A Bezier curve is significant with its control points. When control points are given, the Bezier curve can be written using De Casteljau's algorithm. An important property of Bezier curve is that every coordinate function is a polynomial. Suppose that a curve $\alpha \left(t\right)$ is a curve which coordinate functions are polynomial. Can we find points that make the curve $\alpha \left(t\right)$ as Bezier curve? This article presents a method for finding points which present $\alpha \left(t\right)$ as a Bezier curve.

KEYWORDS:

• Bezier curve
• control points
• creator matrix

AMS SUBJECT CLASSIFICATIONS:

• 26C05
• 11C99
• 65D17

1. Introduction

The curve theory is used in differential geometry, kinematics, robotics and engineering. Bezier curves are important subset of the curves. Bezier curves have been used in computer-aided geometric design (CAGD) and in many areas [1–5]. For every Bezier curve, the control points are uniquely defined [6]. In CAGD, the most popular areas of research are used shape control parameters to construct Bezier curves [7]. It is possible to establish the linear relationship of the control points of a Bezier curve and surface [8, 9]. It is well known from the relevant literature, a Bezier curve is established by the control points. When the control points are given, using the Bernstein polynomial and De Castaljeu algorithm we can write the Bezier curve.

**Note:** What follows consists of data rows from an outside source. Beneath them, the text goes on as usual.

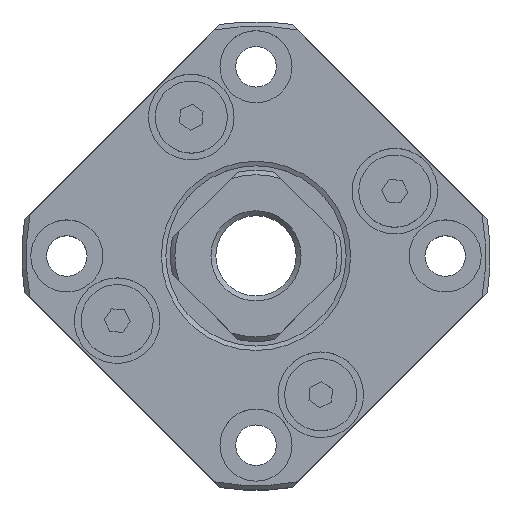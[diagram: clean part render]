
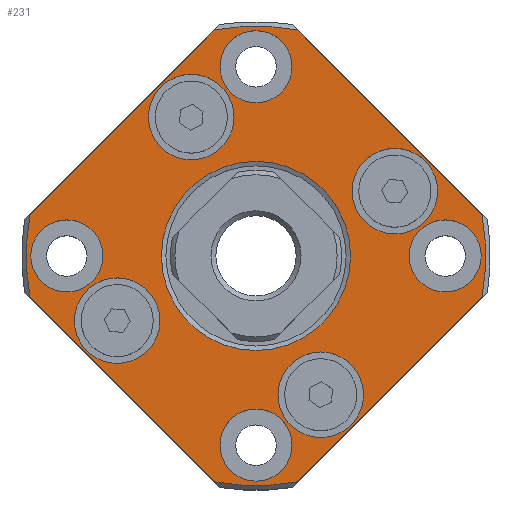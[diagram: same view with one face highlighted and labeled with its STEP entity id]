
A CAD part, top view. The second image highlights one B-rep face of the part: STEP entity #231.
In plain terms, the highlighted face is planar.
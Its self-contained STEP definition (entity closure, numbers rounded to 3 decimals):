
#231 = ADVANCED_FACE( '', ( #486, #487, #488, #489, #490, #491, #492, #493, #494, #495 ), #496, .F. );
#486 = FACE_OUTER_BOUND( '', #861, .T. );
#487 = FACE_BOUND( '', #862, .T. );
#488 = FACE_BOUND( '', #863, .T. );
#489 = FACE_BOUND( '', #864, .T. );
#490 = FACE_BOUND( '', #865, .T. );
#491 = FACE_BOUND( '', #866, .T. );
#492 = FACE_BOUND( '', #867, .T. );
#493 = FACE_BOUND( '', #868, .T. );
#494 = FACE_BOUND( '', #869, .T. );
#495 = FACE_BOUND( '', #870, .T. );
#496 = PLANE( '', #871 );
#861 = EDGE_LOOP( '', ( #1459, #1460, #1461, #1462, #1463, #1464, #1465, #1466 ) );
#862 = EDGE_LOOP( '', ( #1467 ) );
#863 = EDGE_LOOP( '', ( #1468 ) );
#864 = EDGE_LOOP( '', ( #1469 ) );
#865 = EDGE_LOOP( '', ( #1470 ) );
#866 = EDGE_LOOP( '', ( #1471 ) );
#867 = EDGE_LOOP( '', ( #1472 ) );
#868 = EDGE_LOOP( '', ( #1473 ) );
#869 = EDGE_LOOP( '', ( #1474 ) );
#870 = EDGE_LOOP( '', ( #1475 ) );
#871 = AXIS2_PLACEMENT_3D( '', #1476, #1477, #1478 );
#1459 = ORIENTED_EDGE( '', *, *, #2262, .F. );
#1460 = ORIENTED_EDGE( '', *, *, #2263, .F. );
#1461 = ORIENTED_EDGE( '', *, *, #2264, .F. );
#1462 = ORIENTED_EDGE( '', *, *, #2265, .F. );
#1463 = ORIENTED_EDGE( '', *, *, #2266, .F. );
#1464 = ORIENTED_EDGE( '', *, *, #2267, .F. );
#1465 = ORIENTED_EDGE( '', *, *, #2141, .F. );
#1466 = ORIENTED_EDGE( '', *, *, #2268, .F. );
#1467 = ORIENTED_EDGE( '', *, *, #2231, .F. );
#1468 = ORIENTED_EDGE( '', *, *, #2209, .T. );
#1469 = ORIENTED_EDGE( '', *, *, #2211, .T. );
#1470 = ORIENTED_EDGE( '', *, *, #2213, .T. );
#1471 = ORIENTED_EDGE( '', *, *, #2215, .T. );
#1472 = ORIENTED_EDGE( '', *, *, #2219, .T. );
#1473 = ORIENTED_EDGE( '', *, *, #2223, .T. );
#1474 = ORIENTED_EDGE( '', *, *, #2227, .T. );
#1475 = ORIENTED_EDGE( '', *, *, #2243, .T. );
#1476 = CARTESIAN_POINT( '', ( -10., 10., 0. ) );
#1477 = DIRECTION( '', ( 1., 0., 0. ) );
#1478 = DIRECTION( '', ( 0., 0., -1. ) );
#2141 = EDGE_CURVE( '', #2469, #2472, #2473, .T. );
#2209 = EDGE_CURVE( '', #2603, #2603, #2604, .T. );
#2211 = EDGE_CURVE( '', #2607, #2607, #2608, .T. );
#2213 = EDGE_CURVE( '', #2611, #2611, #2612, .T. );
#2215 = EDGE_CURVE( '', #2615, #2615, #2616, .T. );
#2219 = EDGE_CURVE( '', #2623, #2623, #2624, .T. );
#2223 = EDGE_CURVE( '', #2631, #2631, #2632, .T. );
#2227 = EDGE_CURVE( '', #2639, #2639, #2640, .T. );
#2231 = EDGE_CURVE( '', #2647, #2647, #2648, .F. );
#2243 = EDGE_CURVE( '', #2671, #2671, #2672, .T. );
#2262 = EDGE_CURVE( '', #2702, #2703, #2704, .T. );
#2263 = EDGE_CURVE( '', #2705, #2702, #2706, .T. );
#2264 = EDGE_CURVE( '', #2707, #2705, #2708, .T. );
#2265 = EDGE_CURVE( '', #2709, #2707, #2710, .T. );
#2266 = EDGE_CURVE( '', #2711, #2709, #2712, .T. );
#2267 = EDGE_CURVE( '', #2472, #2711, #2713, .T. );
#2268 = EDGE_CURVE( '', #2703, #2469, #2714, .T. );
#2469 = VERTEX_POINT( '', #3031 );
#2472 = VERTEX_POINT( '', #3037 );
#2473 = CIRCLE( '', #3038, 25.5 );
#2603 = VERTEX_POINT( '', #3233 );
#2604 = CIRCLE( '', #3234, 4.75 );
#2607 = VERTEX_POINT( '', #3237 );
#2608 = CIRCLE( '', #3238, 4.75 );
#2611 = VERTEX_POINT( '', #3241 );
#2612 = CIRCLE( '', #3242, 4.75 );
#2615 = VERTEX_POINT( '', #3245 );
#2616 = CIRCLE( '', #3246, 4.75 );
#2623 = VERTEX_POINT( '', #3253 );
#2624 = CIRCLE( '', #3254, 4. );
#2631 = VERTEX_POINT( '', #3261 );
#2632 = CIRCLE( '', #3262, 4. );
#2639 = VERTEX_POINT( '', #3269 );
#2640 = CIRCLE( '', #3270, 4. );
#2647 = VERTEX_POINT( '', #3277 );
#2648 = CIRCLE( '', #3278, 4. );
#2671 = VERTEX_POINT( '', #3301 );
#2672 = CIRCLE( '', #3302, 10.5 );
#2702 = VERTEX_POINT( '', #3396 );
#2703 = VERTEX_POINT( '', #3397 );
#2704 = CIRCLE( '', #3398, 25.5 );
#2705 = VERTEX_POINT( '', #3399 );
#2706 = LINE( '', #3400, #3401 );
#2707 = VERTEX_POINT( '', #3402 );
#2708 = CIRCLE( '', #3403, 25.5 );
#2709 = VERTEX_POINT( '', #3404 );
#2710 = LINE( '', #3405, #3406 );
#2711 = VERTEX_POINT( '', #3407 );
#2712 = CIRCLE( '', #3408, 25.5 );
#2713 = LINE( '', #3409, #3410 );
#2714 = LINE( '', #3411, #3412 );
#3031 = CARTESIAN_POINT( '', ( -10., 4.621, 25.078 ) );
#3037 = CARTESIAN_POINT( '', ( -10., -4.621, 25.078 ) );
#3038 = AXIS2_PLACEMENT_3D( '', #3772, #3773, #3774 );
#3233 = CARTESIAN_POINT( '', ( -10., -15.407, 2.435 ) );
#3234 = AXIS2_PLACEMENT_3D( '', #3873, #3874, #3875 );
#3237 = CARTESIAN_POINT( '', ( -10., 7.185, 10.657 ) );
#3238 = AXIS2_PLACEMENT_3D( '', #3879, #3880, #3881 );
#3241 = CARTESIAN_POINT( '', ( -10., -7.185, -20.157 ) );
#3242 = AXIS2_PLACEMENT_3D( '', #3885, #3886, #3887 );
#3245 = CARTESIAN_POINT( '', ( -10., 15.407, -11.935 ) );
#3246 = AXIS2_PLACEMENT_3D( '', #3891, #3892, #3893 );
#3253 = CARTESIAN_POINT( '', ( -10., 0., -25. ) );
#3254 = AXIS2_PLACEMENT_3D( '', #3903, #3904, #3905 );
#3261 = CARTESIAN_POINT( '', ( -10., -21., -4. ) );
#3262 = AXIS2_PLACEMENT_3D( '', #3915, #3916, #3917 );
#3269 = CARTESIAN_POINT( '', ( -10., 0., 17. ) );
#3270 = AXIS2_PLACEMENT_3D( '', #3927, #3928, #3929 );
#3277 = CARTESIAN_POINT( '', ( -10., 21., -4. ) );
#3278 = AXIS2_PLACEMENT_3D( '', #3939, #3940, #3941 );
#3301 = CARTESIAN_POINT( '', ( -10., 0., -10.5 ) );
#3302 = AXIS2_PLACEMENT_3D( '', #3975, #3976, #3977 );
#3396 = CARTESIAN_POINT( '', ( -10., 25.078, -4.621 ) );
#3397 = CARTESIAN_POINT( '', ( -10., 25.078, 4.621 ) );
#3398 = AXIS2_PLACEMENT_3D( '', #4002, #4003, #4004 );
#3399 = CARTESIAN_POINT( '', ( -10., 4.621, -25.078 ) );
#3400 = CARTESIAN_POINT( '', ( -10., 0., -29.698 ) );
#3401 = VECTOR( '', #4005, 1000. );
#3402 = CARTESIAN_POINT( '', ( -10., -4.621, -25.078 ) );
#3403 = AXIS2_PLACEMENT_3D( '', #4006, #4007, #4008 );
#3404 = CARTESIAN_POINT( '', ( -10., -25.078, -4.621 ) );
#3405 = CARTESIAN_POINT( '', ( -10., -29.698, 0. ) );
#3406 = VECTOR( '', #4009, 1000. );
#3407 = CARTESIAN_POINT( '', ( -10., -25.078, 4.621 ) );
#3408 = AXIS2_PLACEMENT_3D( '', #4010, #4011, #4012 );
#3409 = CARTESIAN_POINT( '', ( -10., 0., 29.698 ) );
#3410 = VECTOR( '', #4013, 1000. );
#3411 = CARTESIAN_POINT( '', ( -10., 29.698, 0. ) );
#3412 = VECTOR( '', #4014, 1000. );
#3772 = CARTESIAN_POINT( '', ( -10., 0., 0. ) );
#3773 = DIRECTION( '', ( 1., 0., 0. ) );
#3774 = DIRECTION( '', ( 0., 0., -1. ) );
#3873 = CARTESIAN_POINT( '', ( -10., -15.407, 7.185 ) );
#3874 = DIRECTION( '', ( 1., 0., 0. ) );
#3875 = DIRECTION( '', ( 0., 0., -1. ) );
#3879 = CARTESIAN_POINT( '', ( -10., 7.185, 15.407 ) );
#3880 = DIRECTION( '', ( 1., 0., 0. ) );
#3881 = DIRECTION( '', ( 0., 0., -1. ) );
#3885 = CARTESIAN_POINT( '', ( -10., -7.185, -15.407 ) );
#3886 = DIRECTION( '', ( 1., 0., 0. ) );
#3887 = DIRECTION( '', ( 0., 0., -1. ) );
#3891 = CARTESIAN_POINT( '', ( -10., 15.407, -7.185 ) );
#3892 = DIRECTION( '', ( 1., 0., 0. ) );
#3893 = DIRECTION( '', ( 0., 0., -1. ) );
#3903 = CARTESIAN_POINT( '', ( -10., 0., -21. ) );
#3904 = DIRECTION( '', ( 1., 0., 0. ) );
#3905 = DIRECTION( '', ( 0., 0., -1. ) );
#3915 = CARTESIAN_POINT( '', ( -10., -21., 0. ) );
#3916 = DIRECTION( '', ( 1., 0., 0. ) );
#3917 = DIRECTION( '', ( 0., 0., -1. ) );
#3927 = CARTESIAN_POINT( '', ( -10., 0., 21. ) );
#3928 = DIRECTION( '', ( 1., 0., 0. ) );
#3929 = DIRECTION( '', ( 0., 0., -1. ) );
#3939 = CARTESIAN_POINT( '', ( -10., 21., 0. ) );
#3940 = DIRECTION( '', ( 1., 0., 0. ) );
#3941 = DIRECTION( '', ( 0., 0., -1. ) );
#3975 = CARTESIAN_POINT( '', ( -10., 0., 0. ) );
#3976 = DIRECTION( '', ( 1., 0., 0. ) );
#3977 = DIRECTION( '', ( 0., 0., -1. ) );
#4002 = CARTESIAN_POINT( '', ( -10., 0., 0. ) );
#4003 = DIRECTION( '', ( 1., 0., 0. ) );
#4004 = DIRECTION( '', ( 0., 0., -1. ) );
#4005 = DIRECTION( '', ( 0., 0.707, 0.707 ) );
#4006 = CARTESIAN_POINT( '', ( -10., 0., 0. ) );
#4007 = DIRECTION( '', ( 1., 0., 0. ) );
#4008 = DIRECTION( '', ( 0., 0., -1. ) );
#4009 = DIRECTION( '', ( 0., 0.707, -0.707 ) );
#4010 = CARTESIAN_POINT( '', ( -10., 0., 0. ) );
#4011 = DIRECTION( '', ( 1., 0., 0. ) );
#4012 = DIRECTION( '', ( 0., 0., -1. ) );
#4013 = DIRECTION( '', ( 0., -0.707, -0.707 ) );
#4014 = DIRECTION( '', ( 0., -0.707, 0.707 ) );

The coordinates of a Bezier curve are polynomial functions including the coefficients of Bernstein polynomial and the component of the control points. However, when a Bezier curve is given, we can not say the control points what are? In the relevant literature, there are some articles about finding the control points of third order with minimum error [10].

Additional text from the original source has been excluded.